#### Extracted information
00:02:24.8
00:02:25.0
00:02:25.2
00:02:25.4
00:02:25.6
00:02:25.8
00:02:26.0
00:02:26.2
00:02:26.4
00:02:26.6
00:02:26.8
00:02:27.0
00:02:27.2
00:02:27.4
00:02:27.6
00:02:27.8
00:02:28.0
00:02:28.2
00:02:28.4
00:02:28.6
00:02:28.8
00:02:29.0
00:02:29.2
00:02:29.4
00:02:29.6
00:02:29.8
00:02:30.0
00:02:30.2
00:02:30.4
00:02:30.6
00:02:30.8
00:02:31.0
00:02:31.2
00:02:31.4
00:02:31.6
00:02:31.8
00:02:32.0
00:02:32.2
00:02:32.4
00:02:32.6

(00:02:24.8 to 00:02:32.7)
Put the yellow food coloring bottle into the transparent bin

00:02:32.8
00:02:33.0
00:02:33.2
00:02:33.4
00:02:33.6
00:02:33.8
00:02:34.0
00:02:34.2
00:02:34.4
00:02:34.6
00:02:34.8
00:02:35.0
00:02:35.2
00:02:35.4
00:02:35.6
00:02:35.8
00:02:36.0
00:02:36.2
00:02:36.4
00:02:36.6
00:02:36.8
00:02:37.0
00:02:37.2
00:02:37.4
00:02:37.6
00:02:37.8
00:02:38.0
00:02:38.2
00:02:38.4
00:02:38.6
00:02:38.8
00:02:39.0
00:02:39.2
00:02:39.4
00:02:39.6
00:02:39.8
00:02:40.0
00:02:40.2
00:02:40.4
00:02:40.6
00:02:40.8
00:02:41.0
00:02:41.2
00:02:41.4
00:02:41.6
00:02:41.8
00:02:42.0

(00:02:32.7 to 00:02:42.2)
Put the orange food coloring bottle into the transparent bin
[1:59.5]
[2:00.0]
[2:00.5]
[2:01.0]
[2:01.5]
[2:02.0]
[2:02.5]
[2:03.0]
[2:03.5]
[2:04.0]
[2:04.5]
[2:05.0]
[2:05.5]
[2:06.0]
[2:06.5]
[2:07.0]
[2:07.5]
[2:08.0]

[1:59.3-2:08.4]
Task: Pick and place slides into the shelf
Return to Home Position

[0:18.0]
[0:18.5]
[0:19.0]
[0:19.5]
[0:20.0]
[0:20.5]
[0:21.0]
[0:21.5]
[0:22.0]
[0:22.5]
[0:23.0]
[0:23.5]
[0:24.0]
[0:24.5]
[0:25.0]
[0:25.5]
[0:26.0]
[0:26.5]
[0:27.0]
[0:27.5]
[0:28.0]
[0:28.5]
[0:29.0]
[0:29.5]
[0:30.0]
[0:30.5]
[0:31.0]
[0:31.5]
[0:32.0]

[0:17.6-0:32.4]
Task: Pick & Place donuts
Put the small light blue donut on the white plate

#### Directions for this task
What is needed is a faithful transcription of every entry.

#### Problem solution
00:02:24.8
00:02:25.0
00:02:25.2
00:02:25.4
00:02:25.6
00:02:25.8
00:02:26.0
00:02:26.2
00:02:26.4
00:02:26.6
00:02:26.8
00:02:27.0
00:02:27.2
00:02:27.4
00:02:27.6
00:02:27.8
00:02:28.0
00:02:28.2
00:02:28.4
00:02:28.6
00:02:28.8
00:02:29.0
00:02:29.2
00:02:29.4
00:02:29.6
00:02:29.8
00:02:30.0
00:02:30.2
00:02:30.4
00:02:30.6
00:02:30.8
00:02:31.0
00:02:31.2
00:02:31.4
00:02:31.6
00:02:31.8
00:02:32.0
00:02:32.2
00:02:32.4
00:02:32.6

(00:02:24.8 to 00:02:32.7)
Put the yellow food coloring bottle into the transparent bin

00:02:32.8
00:02:33.0
00:02:33.2
00:02:33.4
00:02:33.6
00:02:33.8
00:02:34.0
00:02:34.2
00:02:34.4
00:02:34.6
00:02:34.8
00:02:35.0
00:02:35.2
00:02:35.4
00:02:35.6
00:02:35.8
00:02:36.0
00:02:36.2
00:02:36.4
00:02:36.6
00:02:36.8
00:02:37.0
00:02:37.2
00:02:37.4
00:02:37.6
00:02:37.8
00:02:38.0
00:02:38.2
00:02:38.4
00:02:38.6
00:02:38.8
00:02:39.0
00:02:39.2
00:02:39.4
00:02:39.6
00:02:39.8
00:02:40.0
00:02:40.2
00:02:40.4
00:02:40.6
00:02:40.8
00:02:41.0
00:02:41.2
00:02:41.4
00:02:41.6
00:02:41.8
00:02:42.0

(00:02:32.7 to 00:02:42.2)
Put the orange food coloring bottle into the transparent bin
[1:59.5]
[2:00.0]
[2:00.5]
[2:01.0]
[2:01.5]
[2:02.0]
[2:02.5]
[2:03.0]
[2:03.5]
[2:04.0]
[2:04.5]
[2:05.0]
[2:05.5]
[2:06.0]
[2:06.5]
[2:07.0]
[2:07.5]
[2:08.0]

[1:59.3-2:08.4]
Task: Pick and place slides into the shelf
Return to Home Position

[0:18.0]
[0:18.5]
[0:19.0]
[0:19.5]
[0:20.0]
[0:20.5]
[0:21.0]
[0:21.5]
[0:22.0]
[0:22.5]
[0:23.0]
[0:23.5]
[0:24.0]
[0:24.5]
[0:25.0]
[0:25.5]
[0:26.0]
[0:26.5]
[0:27.0]
[0:27.5]
[0:28.0]
[0:28.5]
[0:29.0]
[0:29.5]
[0:30.0]
[0:30.5]
[0:31.0]
[0:31.5]
[0:32.0]

[0:17.6-0:32.4]
Task: Pick & Place donuts
Put the small light blue donut on the white plate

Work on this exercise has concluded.